[[ EXCERPTED DATA open ]]
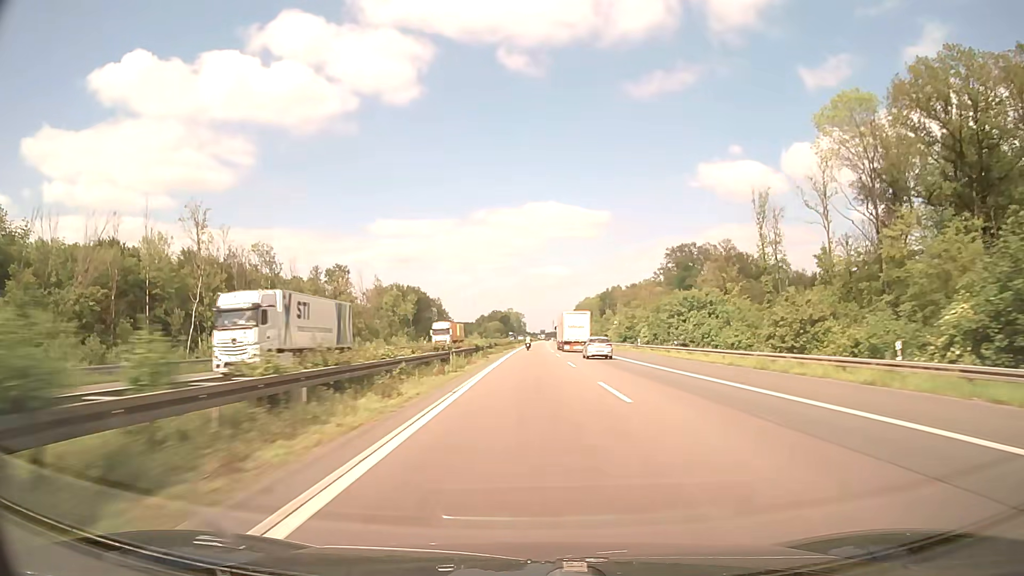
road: motorway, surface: asphalt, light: Day
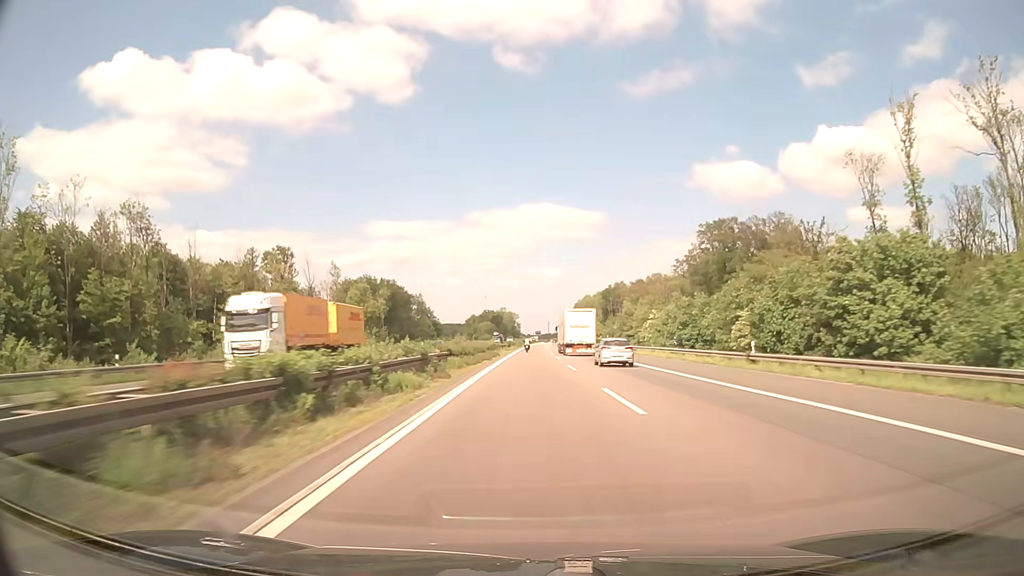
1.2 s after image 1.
(+0.2, +38.0) m; +1°
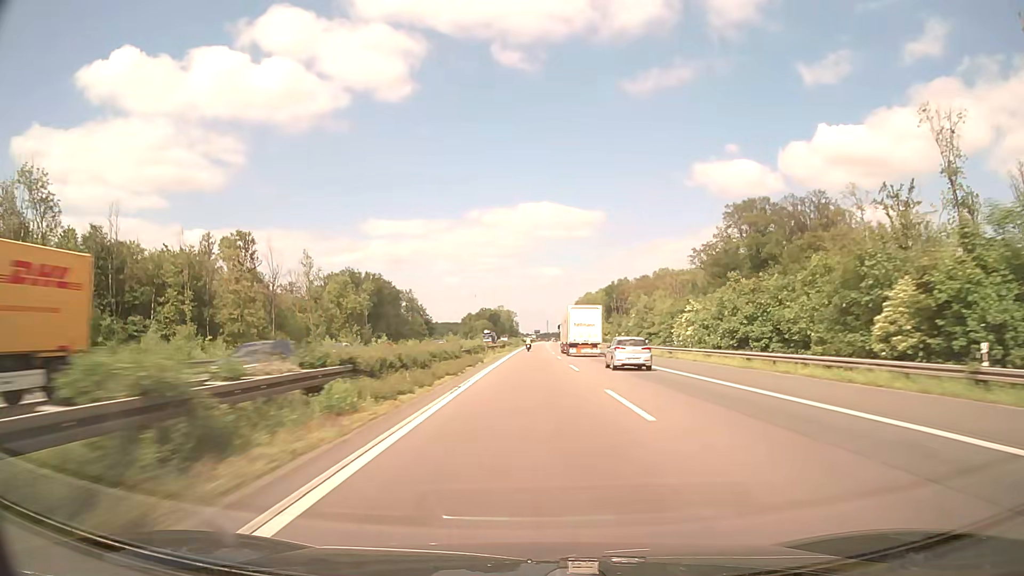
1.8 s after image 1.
(0.0, +19.0) m; 0°
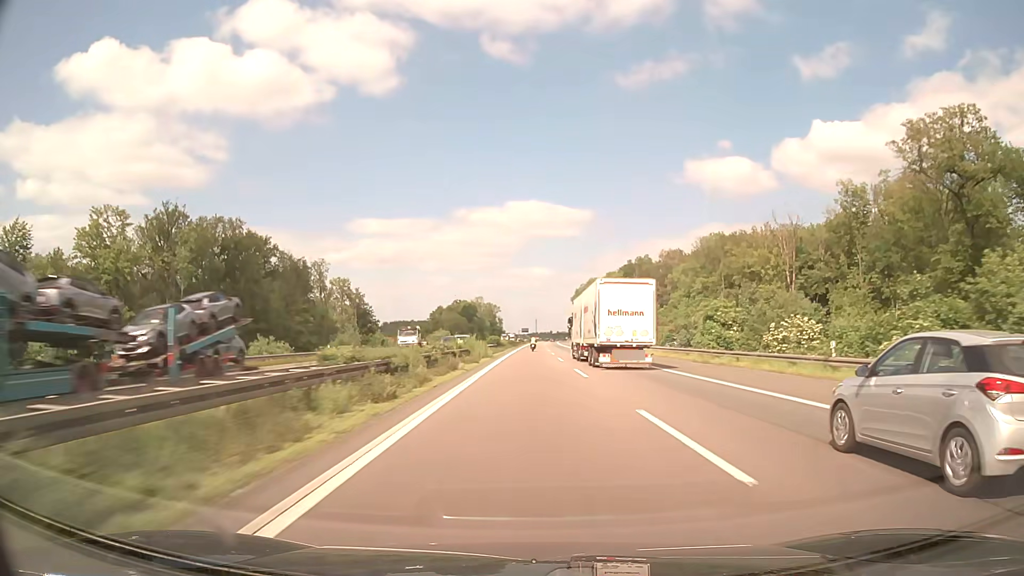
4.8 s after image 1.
(+0.6, +95.1) m; +1°
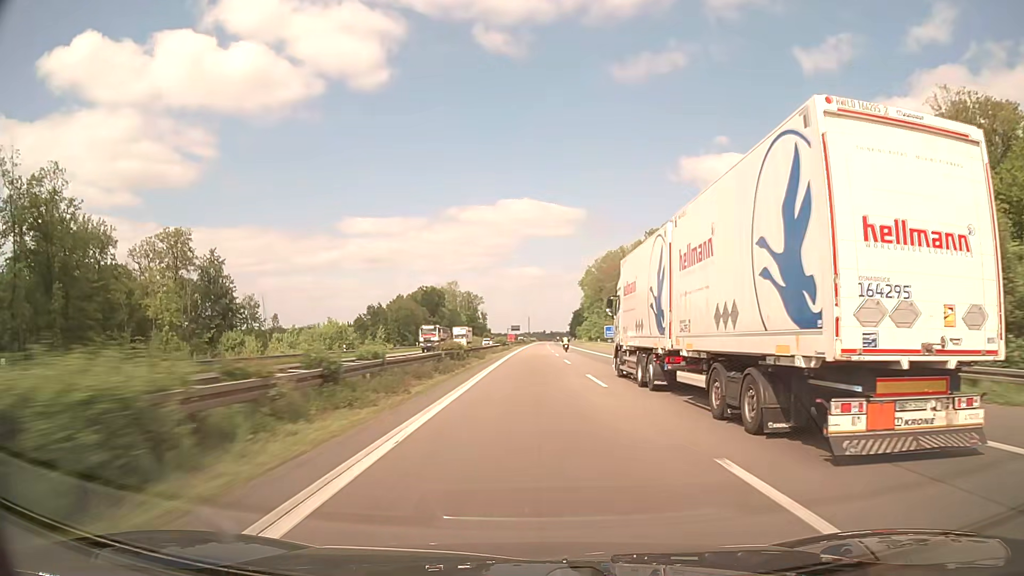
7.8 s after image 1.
(+0.6, +95.0) m; +1°
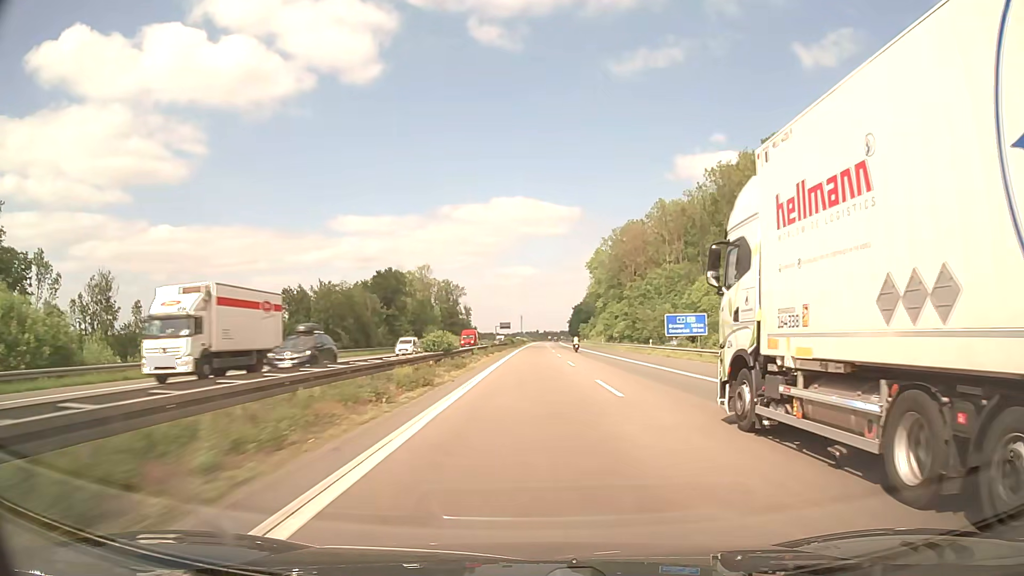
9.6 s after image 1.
(+0.3, +57.0) m; 0°
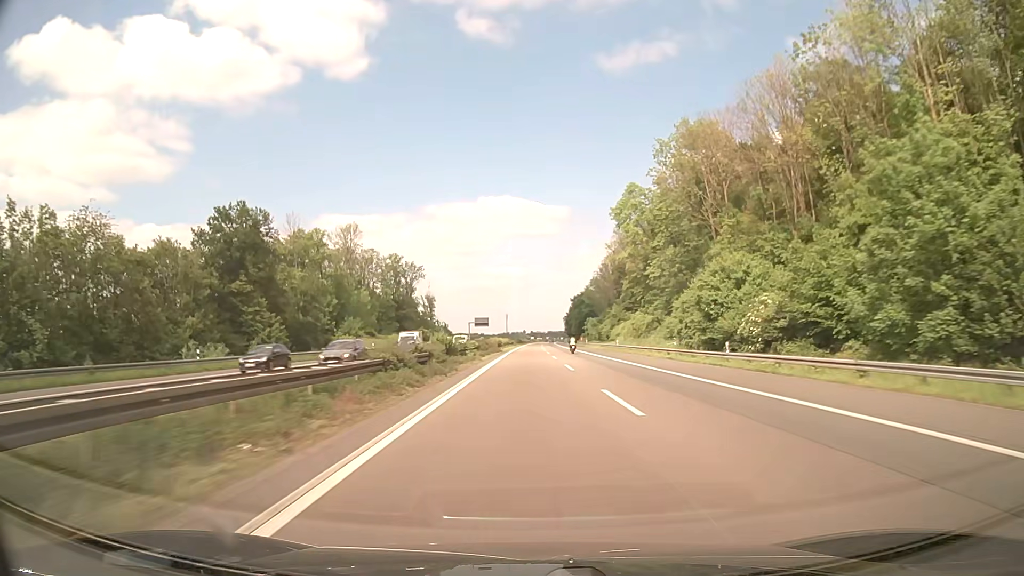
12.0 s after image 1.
(+0.8, +75.9) m; +1°
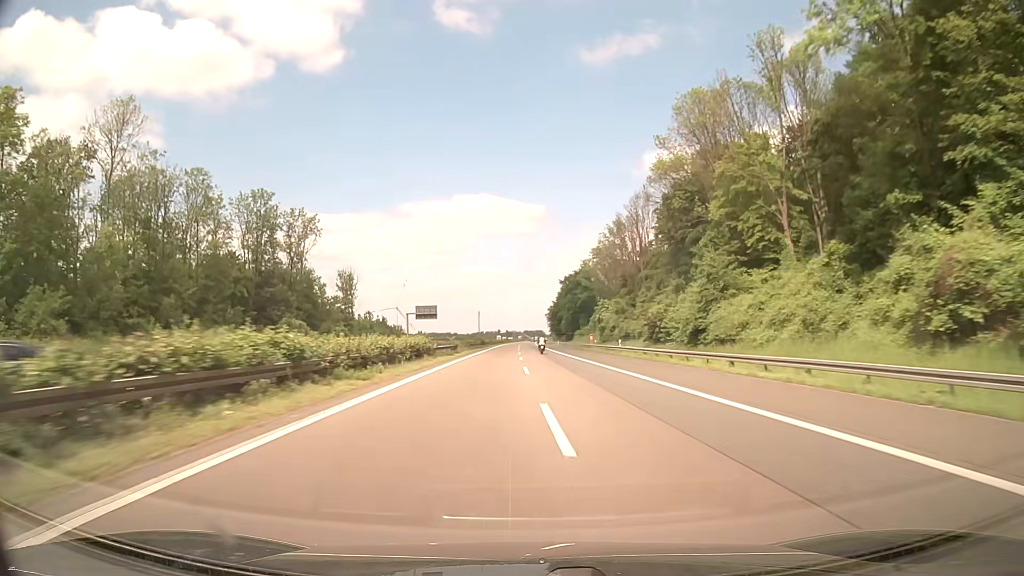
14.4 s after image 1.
(+1.5, +76.0) m; +2°
(0, +10) (0, +20) (0, +30) (0, +40) (0, +50) (0, +60) (0, +70) (0, +80) (0, +90) (0, +100) m
[[ EXCERPTED DATA closed ]]
- WHAT THE TASK REQUIRES: With the pictures excluded, restate word for word each line from the one that contains "9.6 s after image 1." through the last line of the listing above.

- ANSWER SECTION:
9.6 s after image 1.
(+0.3, +57.0) m; 0°
12.0 s after image 1.
(+0.8, +75.9) m; +1°
14.4 s after image 1.
(+1.5, +76.0) m; +2°
(0, +10) (0, +20) (0, +30) (0, +40) (0, +50) (0, +60) (0, +70) (0, +80) (0, +90) (0, +100) m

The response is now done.